──────── GIVEN INFORMATION

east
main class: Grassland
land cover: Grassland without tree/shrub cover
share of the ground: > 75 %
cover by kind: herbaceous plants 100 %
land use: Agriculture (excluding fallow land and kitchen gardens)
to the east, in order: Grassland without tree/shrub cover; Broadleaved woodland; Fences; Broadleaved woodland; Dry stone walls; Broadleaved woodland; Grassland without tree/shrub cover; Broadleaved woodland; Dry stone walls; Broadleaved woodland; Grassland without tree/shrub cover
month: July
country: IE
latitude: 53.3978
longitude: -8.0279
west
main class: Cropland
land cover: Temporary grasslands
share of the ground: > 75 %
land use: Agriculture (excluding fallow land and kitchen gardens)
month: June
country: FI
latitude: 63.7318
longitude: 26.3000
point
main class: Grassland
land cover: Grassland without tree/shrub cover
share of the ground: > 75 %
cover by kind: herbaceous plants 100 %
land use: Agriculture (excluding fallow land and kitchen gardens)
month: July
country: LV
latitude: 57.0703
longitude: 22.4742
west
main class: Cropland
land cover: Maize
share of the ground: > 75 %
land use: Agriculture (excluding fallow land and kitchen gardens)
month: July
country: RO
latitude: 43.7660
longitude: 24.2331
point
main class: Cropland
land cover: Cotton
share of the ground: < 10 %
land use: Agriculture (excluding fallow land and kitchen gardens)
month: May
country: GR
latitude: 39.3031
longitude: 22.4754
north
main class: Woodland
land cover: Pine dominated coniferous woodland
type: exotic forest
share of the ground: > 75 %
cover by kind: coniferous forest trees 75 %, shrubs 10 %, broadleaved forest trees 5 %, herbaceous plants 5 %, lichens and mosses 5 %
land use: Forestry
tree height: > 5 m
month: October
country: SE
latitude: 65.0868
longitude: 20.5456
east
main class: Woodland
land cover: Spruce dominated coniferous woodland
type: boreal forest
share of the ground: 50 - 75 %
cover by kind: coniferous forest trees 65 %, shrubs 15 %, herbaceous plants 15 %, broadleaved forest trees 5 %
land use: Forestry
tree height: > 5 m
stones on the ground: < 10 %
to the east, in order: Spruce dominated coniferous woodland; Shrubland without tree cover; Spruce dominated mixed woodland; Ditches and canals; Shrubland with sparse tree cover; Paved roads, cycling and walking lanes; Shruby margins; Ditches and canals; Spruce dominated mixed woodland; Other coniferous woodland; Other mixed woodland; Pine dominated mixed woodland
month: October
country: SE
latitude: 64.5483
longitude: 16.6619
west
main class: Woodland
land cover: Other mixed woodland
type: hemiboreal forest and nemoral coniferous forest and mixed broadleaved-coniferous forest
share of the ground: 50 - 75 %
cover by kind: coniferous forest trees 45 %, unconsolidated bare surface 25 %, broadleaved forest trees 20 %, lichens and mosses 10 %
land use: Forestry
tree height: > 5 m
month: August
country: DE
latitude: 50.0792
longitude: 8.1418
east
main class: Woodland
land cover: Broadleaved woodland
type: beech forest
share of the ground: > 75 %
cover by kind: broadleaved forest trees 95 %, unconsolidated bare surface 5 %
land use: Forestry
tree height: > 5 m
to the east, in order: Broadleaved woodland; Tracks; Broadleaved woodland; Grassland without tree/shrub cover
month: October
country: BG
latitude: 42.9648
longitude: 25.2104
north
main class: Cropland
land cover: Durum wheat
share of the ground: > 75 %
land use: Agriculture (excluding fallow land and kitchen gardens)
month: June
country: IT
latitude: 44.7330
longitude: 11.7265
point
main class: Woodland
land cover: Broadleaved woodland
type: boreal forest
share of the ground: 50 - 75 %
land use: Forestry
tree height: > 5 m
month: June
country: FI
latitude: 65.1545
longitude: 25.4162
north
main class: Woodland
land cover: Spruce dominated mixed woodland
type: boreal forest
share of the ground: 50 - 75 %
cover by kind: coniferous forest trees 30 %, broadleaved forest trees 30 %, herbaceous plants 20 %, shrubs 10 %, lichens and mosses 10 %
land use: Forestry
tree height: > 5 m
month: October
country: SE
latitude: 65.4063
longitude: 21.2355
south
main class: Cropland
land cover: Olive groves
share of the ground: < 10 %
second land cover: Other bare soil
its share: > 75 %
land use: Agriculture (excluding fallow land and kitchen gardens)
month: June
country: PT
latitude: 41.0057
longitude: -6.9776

────────────────

#### THE PROBLEM
Go through the entries above and reproduce each one exactly.

#### SOLUTION
east
main class: Grassland
land cover: Grassland without tree/shrub cover
share of the ground: > 75 %
cover by kind: herbaceous plants 100 %
land use: Agriculture (excluding fallow land and kitchen gardens)
to the east, in order: Grassland without tree/shrub cover; Broadleaved woodland; Fences; Broadleaved woodland; Dry stone walls; Broadleaved woodland; Grassland without tree/shrub cover; Broadleaved woodland; Dry stone walls; Broadleaved woodland; Grassland without tree/shrub cover
month: July
country: IE
latitude: 53.3978
longitude: -8.0279
west
main class: Cropland
land cover: Temporary grasslands
share of the ground: > 75 %
land use: Agriculture (excluding fallow land and kitchen gardens)
month: June
country: FI
latitude: 63.7318
longitude: 26.3000
point
main class: Grassland
land cover: Grassland without tree/shrub cover
share of the ground: > 75 %
cover by kind: herbaceous plants 100 %
land use: Agriculture (excluding fallow land and kitchen gardens)
month: July
country: LV
latitude: 57.0703
longitude: 22.4742
west
main class: Cropland
land cover: Maize
share of the ground: > 75 %
land use: Agriculture (excluding fallow land and kitchen gardens)
month: July
country: RO
latitude: 43.7660
longitude: 24.2331
point
main class: Cropland
land cover: Cotton
share of the ground: < 10 %
land use: Agriculture (excluding fallow land and kitchen gardens)
month: May
country: GR
latitude: 39.3031
longitude: 22.4754
north
main class: Woodland
land cover: Pine dominated coniferous woodland
type: exotic forest
share of the ground: > 75 %
cover by kind: coniferous forest trees 75 %, shrubs 10 %, broadleaved forest trees 5 %, herbaceous plants 5 %, lichens and mosses 5 %
land use: Forestry
tree height: > 5 m
month: October
country: SE
latitude: 65.0868
longitude: 20.5456
east
main class: Woodland
land cover: Spruce dominated coniferous woodland
type: boreal forest
share of the ground: 50 - 75 %
cover by kind: coniferous forest trees 65 %, shrubs 15 %, herbaceous plants 15 %, broadleaved forest trees 5 %
land use: Forestry
tree height: > 5 m
stones on the ground: < 10 %
to the east, in order: Spruce dominated coniferous woodland; Shrubland without tree cover; Spruce dominated mixed woodland; Ditches and canals; Shrubland with sparse tree cover; Paved roads, cycling and walking lanes; Shruby margins; Ditches and canals; Spruce dominated mixed woodland; Other coniferous woodland; Other mixed woodland; Pine dominated mixed woodland
month: October
country: SE
latitude: 64.5483
longitude: 16.6619
west
main class: Woodland
land cover: Other mixed woodland
type: hemiboreal forest and nemoral coniferous forest and mixed broadleaved-coniferous forest
share of the ground: 50 - 75 %
cover by kind: coniferous forest trees 45 %, unconsolidated bare surface 25 %, broadleaved forest trees 20 %, lichens and mosses 10 %
land use: Forestry
tree height: > 5 m
month: August
country: DE
latitude: 50.0792
longitude: 8.1418
east
main class: Woodland
land cover: Broadleaved woodland
type: beech forest
share of the ground: > 75 %
cover by kind: broadleaved forest trees 95 %, unconsolidated bare surface 5 %
land use: Forestry
tree height: > 5 m
to the east, in order: Broadleaved woodland; Tracks; Broadleaved woodland; Grassland without tree/shrub cover
month: October
country: BG
latitude: 42.9648
longitude: 25.2104
north
main class: Cropland
land cover: Durum wheat
share of the ground: > 75 %
land use: Agriculture (excluding fallow land and kitchen gardens)
month: June
country: IT
latitude: 44.7330
longitude: 11.7265
point
main class: Woodland
land cover: Broadleaved woodland
type: boreal forest
share of the ground: 50 - 75 %
land use: Forestry
tree height: > 5 m
month: June
country: FI
latitude: 65.1545
longitude: 25.4162
north
main class: Woodland
land cover: Spruce dominated mixed woodland
type: boreal forest
share of the ground: 50 - 75 %
cover by kind: coniferous forest trees 30 %, broadleaved forest trees 30 %, herbaceous plants 20 %, shrubs 10 %, lichens and mosses 10 %
land use: Forestry
tree height: > 5 m
month: October
country: SE
latitude: 65.4063
longitude: 21.2355
south
main class: Cropland
land cover: Olive groves
share of the ground: < 10 %
second land cover: Other bare soil
its share: > 75 %
land use: Agriculture (excluding fallow land and kitchen gardens)
month: June
country: PT
latitude: 41.0057
longitude: -6.9776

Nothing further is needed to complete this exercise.